Firstly, the security and privacy protection of data across devices and regions. The core technology of Roam is to upgrade public WiFi into a secure login mode combined with DID. At the same time, it achieves cost-free roaming of WiFi and eSIM integrated networks. The private key of the user’s blockchain, the private key of DID, the certificate of WiFi OpenRoaming, and the certificates behind eSIM are all unified and coordinated. All of this can be managed and encrypted through a TEE-based KMS (Key Management System) within Roam's existing devices. Roam's data interaction complies with W3C DID and verifiable credential standards, and combined with ZK technology, it can alleviate concerns about data security. The Roam technology team has also done some of the earliest work in the world to combine blockchain-based digital identity with eSIM, WiFi, and Bluetooth chips.
Secondly, leveraging these new multidimensional spatial data such as time, space, and identity to help analyze which data is generated by real society and which is produced by AI. A combination of Roam's 3W data (Who, When, Where) and payment data generated from WiFi fingerprint payment terminals, along with tags from different data collection devices, can ensure that this data is not generated by AI but from real life. A broad-spectrum, multidimensional spatial data evaluation system like this is key to ensuring the value of AI training data. The Roam development team has a decade of long-term accumulation in this field.
Thirdly, it facilitates AI agents to expand new living spaces and generate new data. They currently all live in Twitter and TG, but with Roam's help, they can exist in various smart home devices. The core support Roam receives from major industry players like Samsung is that the devices from these big companies are almost all WiFi devices. Currently, the only way these devices connect to the network is by manually entering usernames and passwords, which is very unsafe and not automated. In the world of Roam, AI agents, humans, and devices are all unified under DID tags.
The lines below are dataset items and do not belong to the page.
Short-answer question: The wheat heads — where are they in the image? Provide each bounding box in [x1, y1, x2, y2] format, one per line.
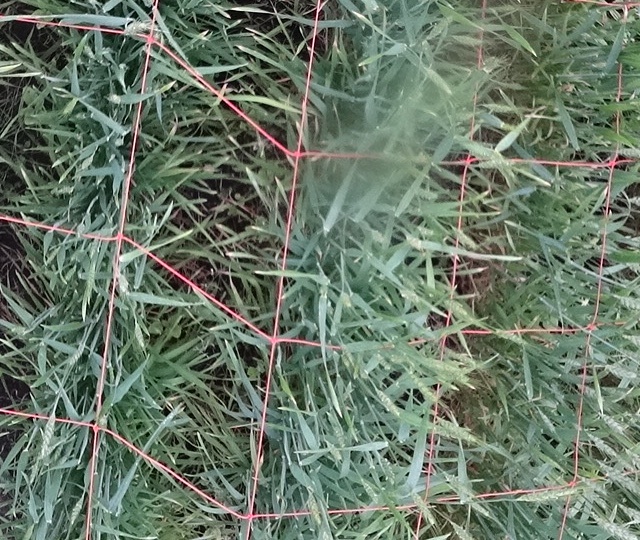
[322, 441, 339, 462]
[619, 502, 640, 525]
[534, 410, 554, 434]
[111, 93, 122, 107]
[588, 433, 613, 454]
[452, 520, 473, 540]
[480, 160, 512, 168]
[454, 226, 475, 246]
[46, 246, 60, 264]
[442, 469, 474, 495]
[427, 13, 452, 39]
[90, 229, 102, 255]
[405, 230, 422, 251]
[578, 382, 598, 399]
[442, 294, 466, 316]
[514, 486, 574, 503]
[407, 370, 432, 401]
[617, 144, 640, 159]
[381, 455, 395, 479]
[605, 362, 634, 382]
[614, 294, 640, 309]
[561, 355, 577, 369]
[88, 265, 95, 298]
[361, 478, 379, 504]
[305, 494, 320, 520]
[44, 411, 56, 447]
[426, 67, 452, 99]
[410, 488, 433, 522]
[435, 417, 474, 444]
[77, 222, 85, 235]
[65, 264, 76, 279]
[461, 496, 486, 514]
[131, 322, 144, 345]
[123, 20, 145, 36]
[424, 356, 464, 383]
[374, 351, 386, 370]
[71, 499, 85, 521]
[371, 229, 387, 244]
[331, 421, 346, 447]
[70, 344, 85, 364]
[458, 138, 497, 157]
[376, 388, 394, 415]
[594, 515, 630, 540]
[338, 288, 352, 304]
[84, 154, 92, 167]
[412, 186, 438, 198]
[491, 326, 527, 346]
[597, 460, 633, 487]
[482, 98, 511, 113]
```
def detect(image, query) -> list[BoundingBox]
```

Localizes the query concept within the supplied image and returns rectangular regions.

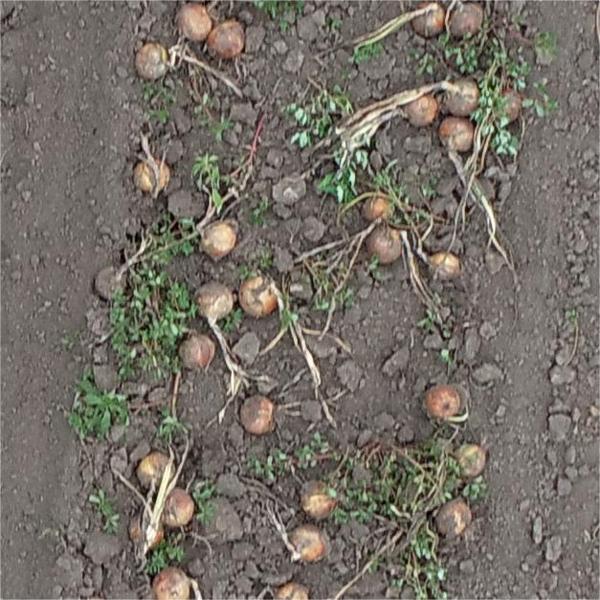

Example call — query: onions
[454,442,483,475]
[238,395,276,433]
[238,273,278,314]
[303,486,339,518]
[131,516,159,547]
[278,580,305,599]
[360,193,390,221]
[497,93,524,121]
[152,568,192,599]
[423,384,462,421]
[429,252,462,281]
[93,263,123,299]
[412,3,445,36]
[445,4,479,38]
[206,21,242,57]
[162,490,194,524]
[192,281,232,320]
[133,40,168,78]
[134,451,168,484]
[137,161,169,191]
[176,334,214,370]
[365,226,399,262]
[286,522,325,561]
[437,116,473,151]
[405,95,437,126]
[439,77,476,115]
[177,3,211,40]
[199,219,235,257]
[433,498,470,535]

They all have corresponding WiFi OpenRoaming certificates. This constructs a network foundation for AI agents to automatically transition from the internet world to the IoT world. During the process of an AI agent moving from one device to another, all data generated is encrypted, protected, and stored with the help of its private key in TEE, and combined with OpenRoaming WiFi and blockchain, it allows for secure transmission and distribution. The entry of AI agents into the IoT world while achieving cross-domain data interoperability means they can truly become companions to humans. Human interactions with them no longer require humans to focus on a screen. Regardless of the scenarios humans are in, they can record in real-time, respond quickly, and simultaneously construct a real avatar of humans. This is also the first step in humanity's transition from a biological to a silicon-based civilization.
Roam redefines the data infrastructure of the AI era with its open and secure global network. From breaking the traditional operator model to supporting the construction of AI data layers, Roam is driving the deep integration of AI society and Web3 through dual innovation in technology and business models. In this transformation led by Roam, we not only see a significant enhancement in global network services but also the emergence of the prototype of a silicon-based civilization.